アスリートシェフshumaさんの連載企画。今回のテーマは「ケガをしない体づくり」。成果を最大限引き出すために、日々の食事からできるコンディショニングの工夫を取り入れていこう。冬のトレーニング期こそ、しっかりとした食事で筋肉・骨・関節を強化したいところ。今回も、ケガ予防に役立つ栄養満点メニューをshumaさんといっしょにチェックしていこう。
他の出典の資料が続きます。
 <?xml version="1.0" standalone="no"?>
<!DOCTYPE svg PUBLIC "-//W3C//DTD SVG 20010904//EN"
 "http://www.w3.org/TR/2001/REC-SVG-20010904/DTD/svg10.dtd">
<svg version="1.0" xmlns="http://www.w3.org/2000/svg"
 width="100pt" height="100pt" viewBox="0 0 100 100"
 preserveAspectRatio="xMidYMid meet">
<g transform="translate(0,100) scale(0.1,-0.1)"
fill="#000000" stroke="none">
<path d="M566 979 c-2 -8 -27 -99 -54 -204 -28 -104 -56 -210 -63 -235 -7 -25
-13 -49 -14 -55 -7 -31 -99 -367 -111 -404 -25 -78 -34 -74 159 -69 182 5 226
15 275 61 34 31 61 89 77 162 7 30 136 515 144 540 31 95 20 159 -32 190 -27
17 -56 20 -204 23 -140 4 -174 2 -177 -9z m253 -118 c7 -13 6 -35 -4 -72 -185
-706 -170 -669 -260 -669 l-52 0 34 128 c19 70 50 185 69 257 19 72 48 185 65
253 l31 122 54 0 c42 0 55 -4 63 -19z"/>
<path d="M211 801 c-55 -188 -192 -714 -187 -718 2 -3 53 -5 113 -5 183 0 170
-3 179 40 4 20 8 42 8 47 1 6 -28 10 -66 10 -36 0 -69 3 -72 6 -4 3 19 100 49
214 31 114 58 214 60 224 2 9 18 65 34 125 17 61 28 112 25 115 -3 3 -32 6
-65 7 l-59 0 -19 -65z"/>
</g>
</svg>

冬はトレーニング量を増やして体づくりに集中できる大切な時期。筋肉・骨・関節をしっかり強化することで、スポーツを安心して楽しめる体を作りたい。今回お届けするのは「ケガをしない体づくり」をサポートする栄養満点メニュー。トップアスリートを食事面で支えるshumaさんが、栄養素の組み合わせにこだわったレシピを紹介!
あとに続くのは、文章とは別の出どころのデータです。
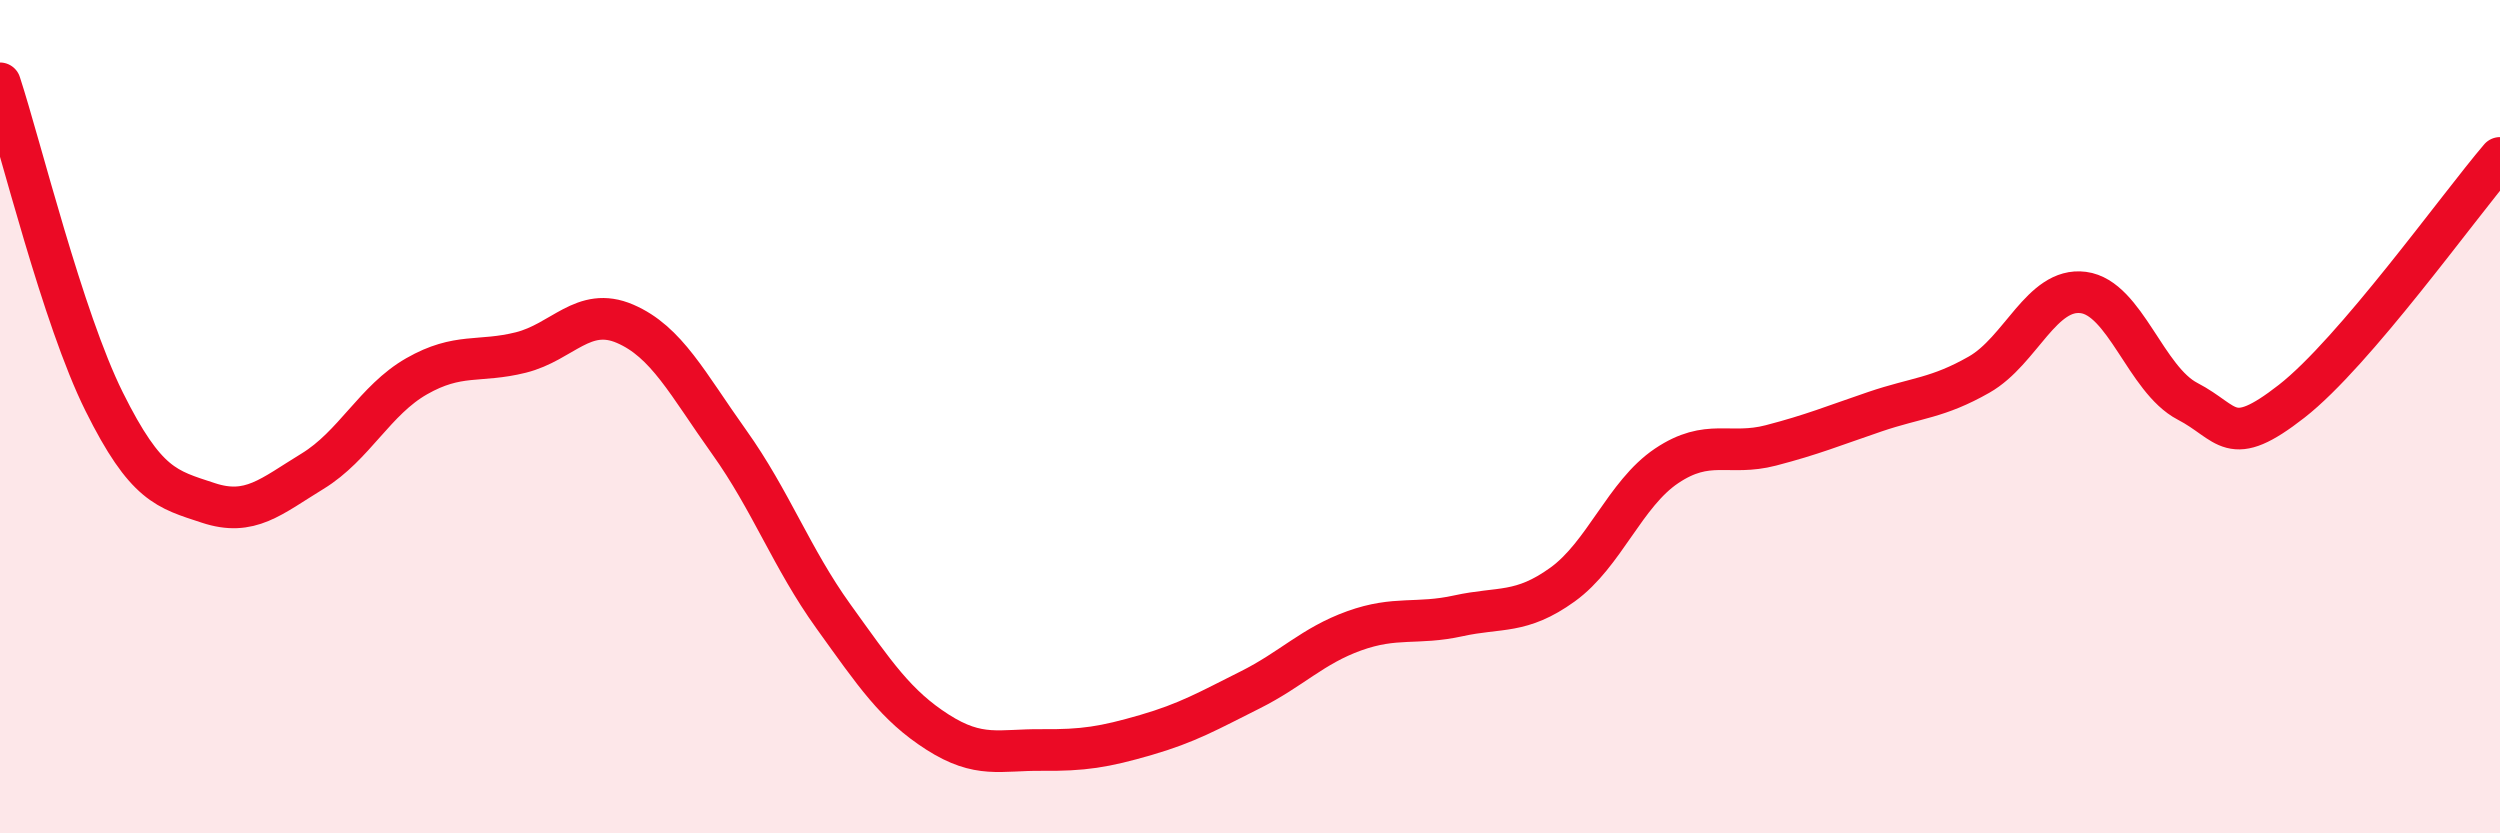 
    <svg width="60" height="20" viewBox="0 0 60 20" xmlns="http://www.w3.org/2000/svg">
      <path
        d="M 0,2 C 0.5,3.53 1.5,7.63 2.5,9.64 C 3.5,11.65 4,11.74 5,12.07 C 6,12.4 6.5,11.92 7.5,11.31 C 8.5,10.7 9,9.6 10,9.03 C 11,8.46 11.5,8.71 12.5,8.46 C 13.5,8.21 14,7.34 15,7.77 C 16,8.2 16.5,9.21 17.5,10.61 C 18.5,12.01 19,13.4 20,14.79 C 21,16.18 21.5,16.93 22.5,17.57 C 23.5,18.21 24,17.99 25,18 C 26,18.01 26.5,17.93 27.5,17.64 C 28.5,17.35 29,17.06 30,16.56 C 31,16.06 31.5,15.5 32.5,15.14 C 33.5,14.78 34,15 35,14.78 C 36,14.56 36.5,14.75 37.5,14.03 C 38.5,13.31 39,11.85 40,11.18 C 41,10.51 41.5,10.95 42.5,10.69 C 43.5,10.43 44,10.22 45,9.88 C 46,9.54 46.5,9.56 47.5,8.99 C 48.5,8.42 49,6.89 50,7.02 C 51,7.15 51.5,9.11 52.5,9.63 C 53.5,10.15 53.5,10.8 55,9.63 C 56.5,8.46 59,4.96 60,3.79L60 20L0 20Z"
        fill="#EB0A25"
        opacity="0.1"
        stroke-linecap="round"
        stroke-linejoin="round"
      />
      <path
        d="M 0,2 C 0.5,3.53 1.5,7.63 2.5,9.64 C 3.5,11.65 4,11.74 5,12.07 C 6,12.4 6.5,11.92 7.5,11.31 C 8.5,10.7 9,9.6 10,9.03 C 11,8.46 11.5,8.71 12.5,8.46 C 13.5,8.21 14,7.34 15,7.77 C 16,8.2 16.5,9.21 17.5,10.61 C 18.5,12.01 19,13.4 20,14.79 C 21,16.18 21.5,16.93 22.5,17.57 C 23.5,18.21 24,17.99 25,18 C 26,18.01 26.5,17.93 27.5,17.64 C 28.5,17.35 29,17.06 30,16.56 C 31,16.06 31.5,15.5 32.5,15.14 C 33.5,14.78 34,15 35,14.78 C 36,14.56 36.5,14.75 37.5,14.03 C 38.5,13.31 39,11.85 40,11.18 C 41,10.51 41.5,10.95 42.5,10.69 C 43.5,10.43 44,10.22 45,9.88 C 46,9.54 46.5,9.56 47.5,8.99 C 48.5,8.42 49,6.89 50,7.02 C 51,7.15 51.5,9.11 52.5,9.63 C 53.5,10.15 53.5,10.8 55,9.63 C 56.5,8.46 59,4.96 60,3.79"
        stroke="#EB0A25"
        stroke-width="1"
        fill="none"
        stroke-linecap="round"
        stroke-linejoin="round"
      />
    </svg>

7品目:サーモンとかぼちゃの豆乳クリーム煮 ~コラーゲン×ビタミンCで関節ケア~

【材料】(4人前)
・サーモン 1切れ
・玉ねぎ 1/2個
・かぼちゃ 180g
・小麦粉 少々
・イタリアンパセリ お好み
・コリアンダー 1g

【調味料】
・黒こしょう お好み
・豆乳 200ml
・酒 大さじ1
・塩 少々
・白だし 2ml
・オリーブ油 適量

【調理方法】
①かぼちゃを2cm角に切り、600Wのレンジで3分加熱する。
②サーモンはキッチンペーパーで水気を拭き取り、両面に軽く塩を振り小麦粉をつけ、フライパンにオリーブ油をひき、皮面から焼いていく。
③ひっくり返して酒を加え、蓋をして蒸し焼きにする。
④サーモンを取り出し、フライパンの油を拭き取り①のかぼちゃ、豆乳を加えてかぼちゃをソースにするイメージで潰しながら弱火で加熱する。
⑤ある程度かぼちゃが潰れたら、サーモンを戻し入れ弱火で加熱し、コリアンダー、白だしを加え少し煮詰める。
⑥お皿に盛り、上からイタリアンパセリ、黒こしょうを振れば完成!

【調理のコツ】
・かぼちゃはレンジ加熱することで栄養素が流れ出にくくなり、時間短縮にもつながる。
・コリアンダーを入れることで深みが増し、お店のような味わいに。
・サーモンは触らずに焼くことで、煮崩れを防げる。

【shumaさんのオススメポイント】
・サーモンに含まれるコラーゲンは、関節や靭帯の強化に役立つ。
・ビタミンCが豊富なかぼちゃとの組み合わせで、栄養素の相乗効果が期待できる。
・かぼちゃの皮は栄養豊富だが、苦味や口に残る感じが気になる場合は、若干削ぎ落とすと食べやすい。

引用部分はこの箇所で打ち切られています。